Date
30 May 2017
Wan Li oversaw the dismantling of farming communes as party boss in eastern Anhui province after Mao's death in 1976, helping pave the way for wider reform. Photo: Internet
Wan Li oversaw the dismantling of farming communes as party boss in eastern Anhui province after Mao's death in 1976, helping pave the way for wider reform.

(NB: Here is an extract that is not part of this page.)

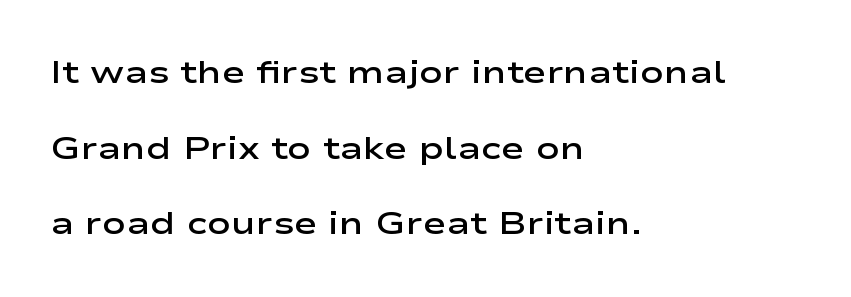
Look at the stroke-to-counter ratio: somewhat heavy, a semibold. Each word holds together tightly as a unit, with standard inter-letter gaps. The text was rendered using a sans face with plain stroke endings. Rule under the text: the space is simply empty. The lettering stays uniformly vertical, giving the passage a roman look.

Photo: Internet

Wan Li, last of China’s Eight Immortals, dies at 98

Wan Li, the last of China’s revolutionaries who helped shape the post-Mao Zedong era, has died.

He was 98.

Li oversaw the dismantling of farming communes as party boss in eastern Anhui province after Mao’s death in 1976, helping pave the way for wider reform.

He rose to chairman of the National People’s Congress, the country’s top legislature, from the ranks of Communist Party elders known as the “Eight Immortals”.

Wan died of an illness in Beijing on Wednesday, according to Bloomberg which cited state-run CCTV.

The official broadcaster said his death is “a great loss to the party and the state”.

The Shandong native joined the party in 1936 and was among a handful of one-time revolutionaries like Deng Xiaoping who suffered during Mao’s Cultural Revolution only to re-emerge and lead the country’s economic resurgence in the 1980s and 1990s.

Wan was commonly included among the Eight Immortals, although opinions have differed on the group’s membership.

He was seen as a close ally of Zhao Ziyang, the Communist Party chief purged after supporting students whose protests were suppressed in the 1989 Tiananmen Square crackdown.

Wan was on a trip to North America when the pro-democracy movement broke out and returned home to profess support for Deng.

“Wan Li was one of the earliest reformers inside the party,” said Zhang Lifan, a Beijing-based historian who previously worked at the Chinese Academy of Social Sciences.

“He belonged to the same reform camp as Zhao Ziyang did.”

Born in Dongping, Shandong, Wan held administrative positions during China’s war with Japan and the subsequent civil war between the Communist Party and Chiang Kai-shek’s Nationalists.

He rose to national politics after the 1949 founding of the People’s Republic of China, serving as urban construction minister and vice mayor of Beijing before being purged during the Cultural Revolution.

Like Deng, Wan was rehabilitated toward the end of Mao’s reign, becoming Beijing’s party chief and then railway minister.

He helped carry out Deng’s “reform and opening up” policy as Anhui party chief and vice premier before taking the top legislative job.